Я застелила нижнюю простыню, абсолютно не думая ни о Джо, ни о детях, когда у меня вдруг начала дрожать нижняя губа. «Перестань, — приказала я самой себе. — Прекрати сейчас же!» Но губа не переставала дрожать. А потом задергалась и верхняя. Моментально глаза мои наполнились слезами, ноги подкосились, я плюхнулась на Верину кровать и заплакала.
Если говорить правду, то я визжала, как боров. Дело в том, что я не просто плакала; я прикрыла лицо фартуком и выла. Я так устала, у меня помрачилось сознание. В течение нескольких недель я не спала ночами, не зная, как найти выход. В голове у меня пронеслась мысль «Ты ошибаешься, Долорес. Ты все-таки думала о Джо и детях». Конечно, я думала. Выходило так, что я ни о чем другом думать больше не могла, именно из-за этого я и разрыдалась.
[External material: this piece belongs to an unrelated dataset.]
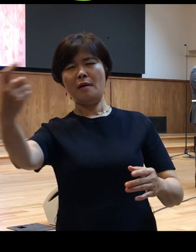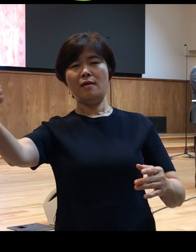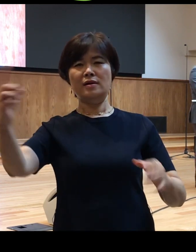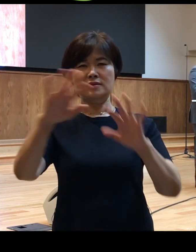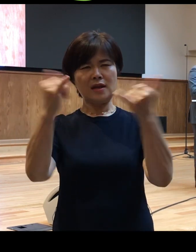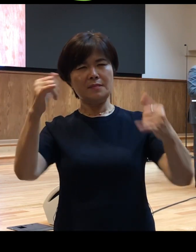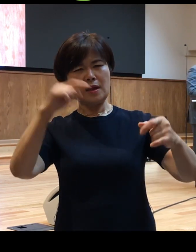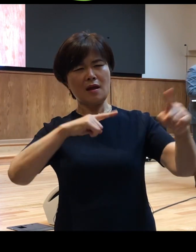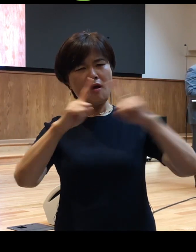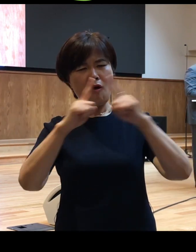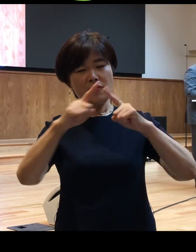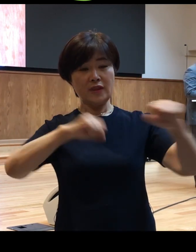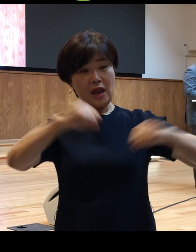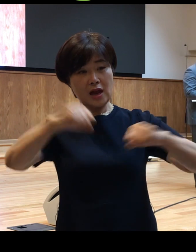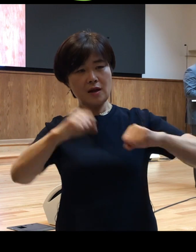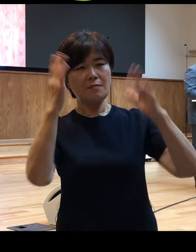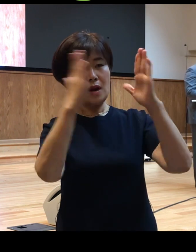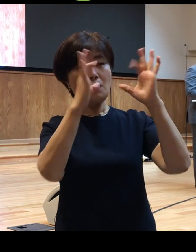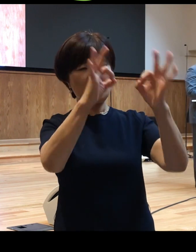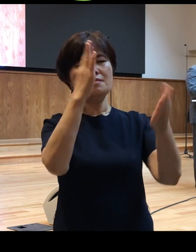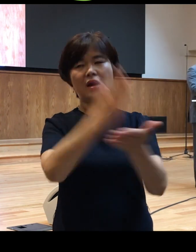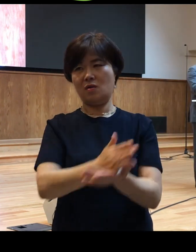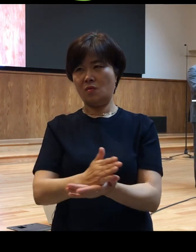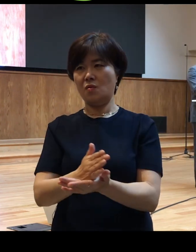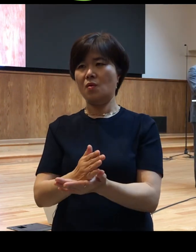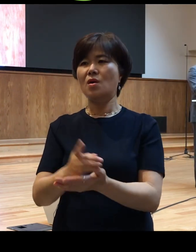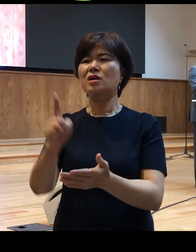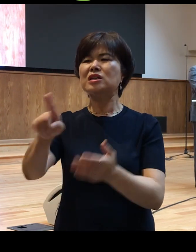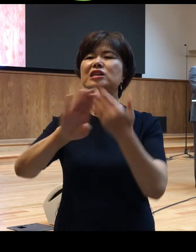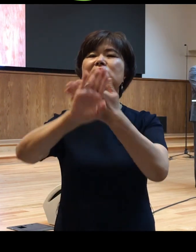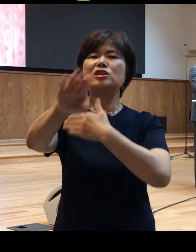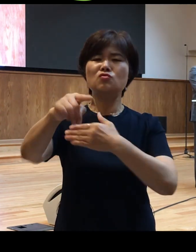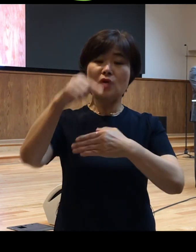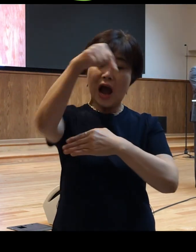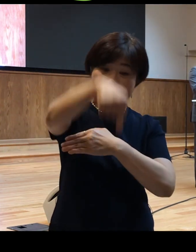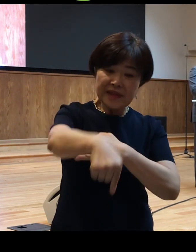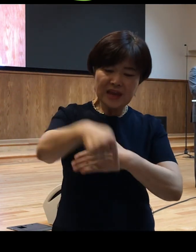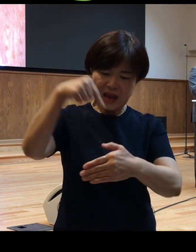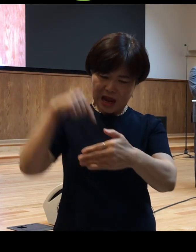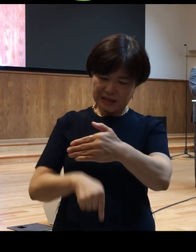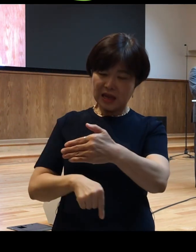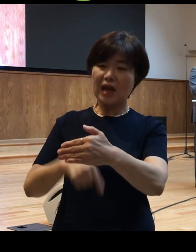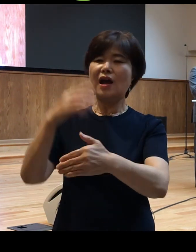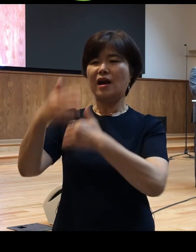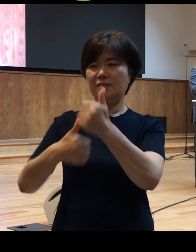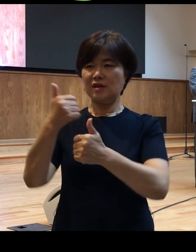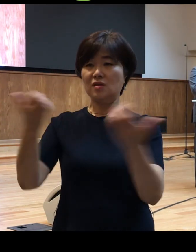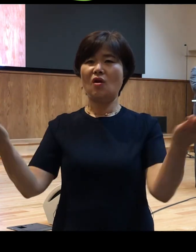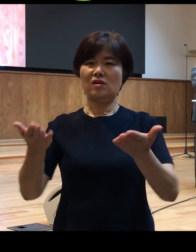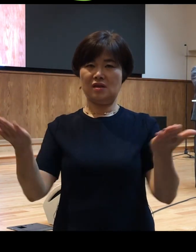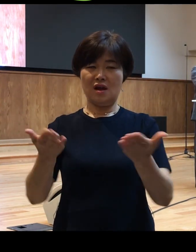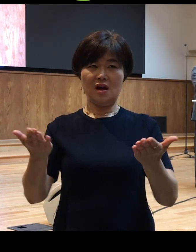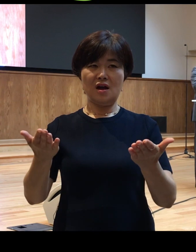바라보는 것이 아니라 그럼 그 이후에 그 배후의 역사하시는 그 이면에 행하시는
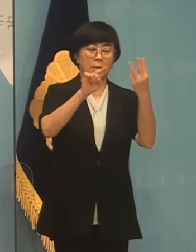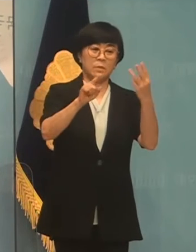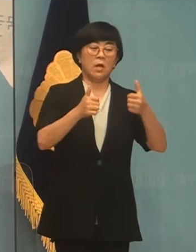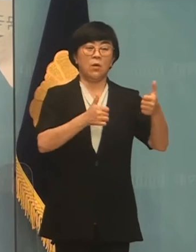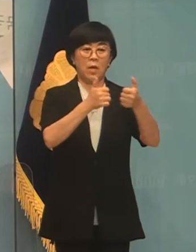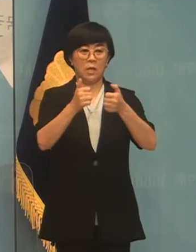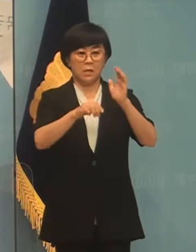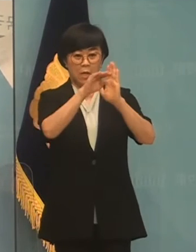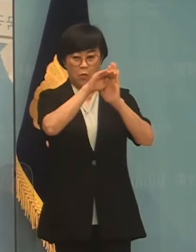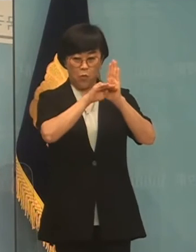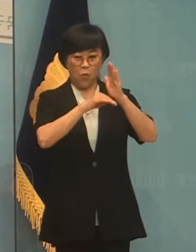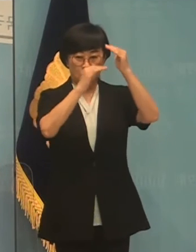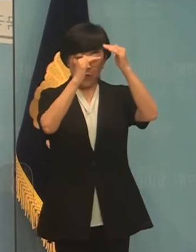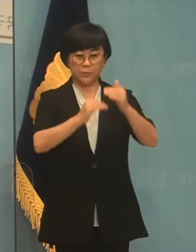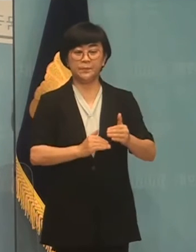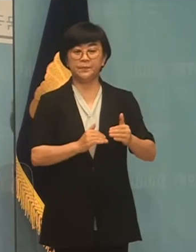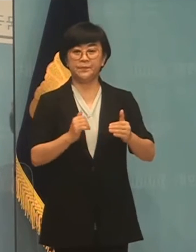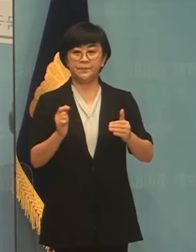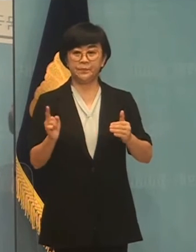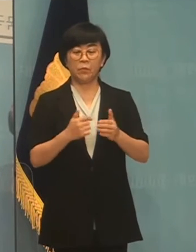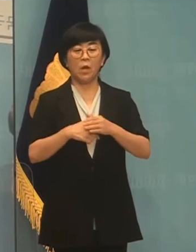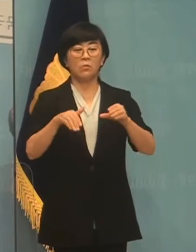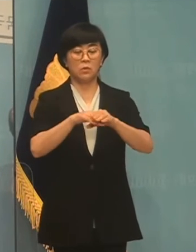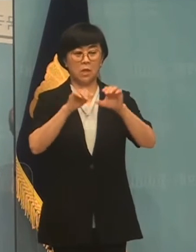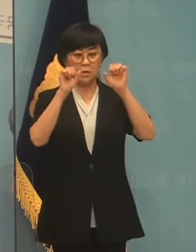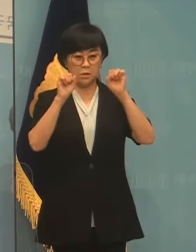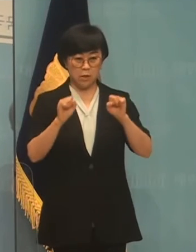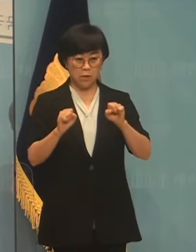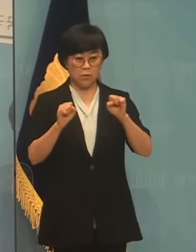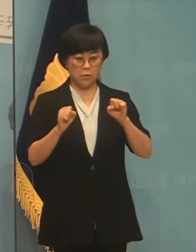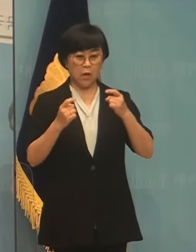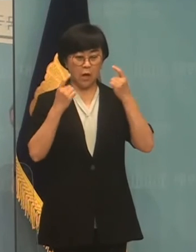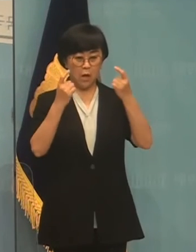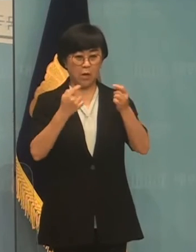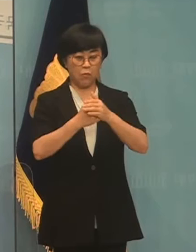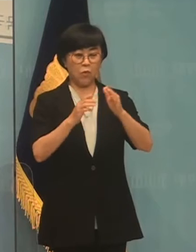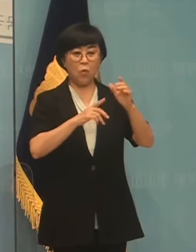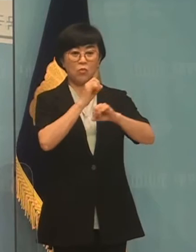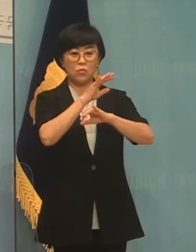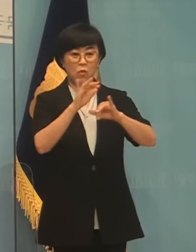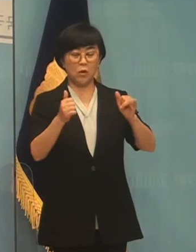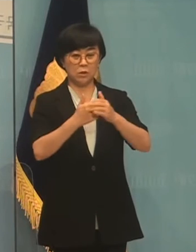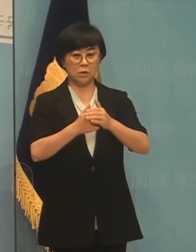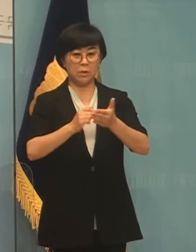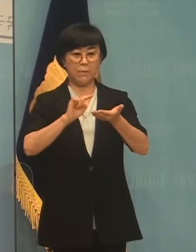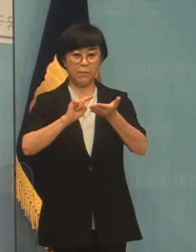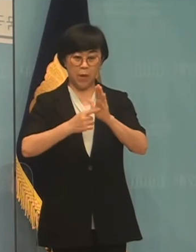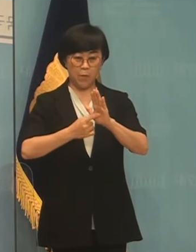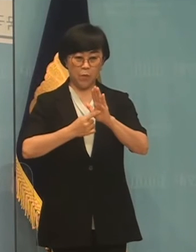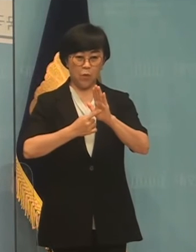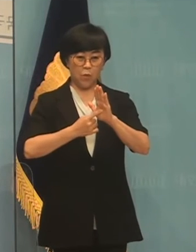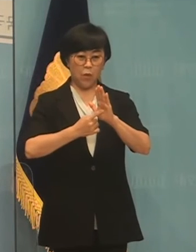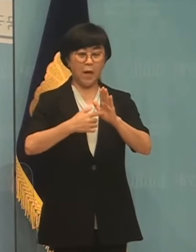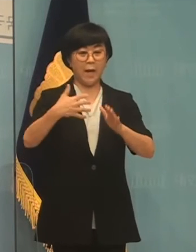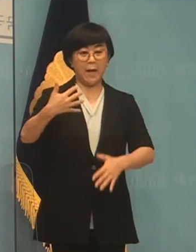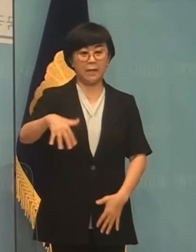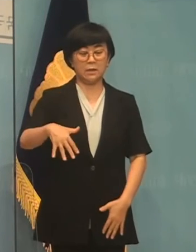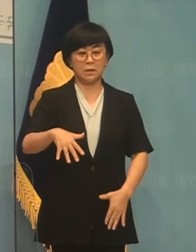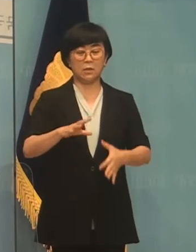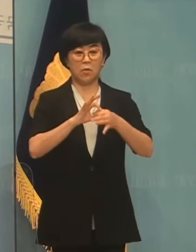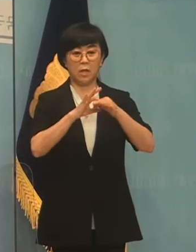PAO의 공연은 아마 문체부 공무원으로 추정되는 선명히 밝혀지지 않은 한 강기다가

Не знаю, сколько времени я провела вот так, в слезах и соплях, но я знаю, что, когда я наконец-то успокоилась, вся моя физиономия была мокрой и распухшей, а дышала я так, будто пробежала мили две или три. Я боялась опустить фартук, потому что мне казалось — как только я сделаю это, Вера скажет: «Это был отличный спектакль, Долорес. Ты можешь получить расчет в пятницу. Кенопенски — вот, вот какая фамилия у управляющего, Энди, наконец-то я вспомнила это, — заплатит тебе». Это было бы так похоже на нее. Но ничто не могло быть похоже на нее. Даже в те дни, когда с мозгами у нее было все в порядке, невозможно было предсказать поступки Веры.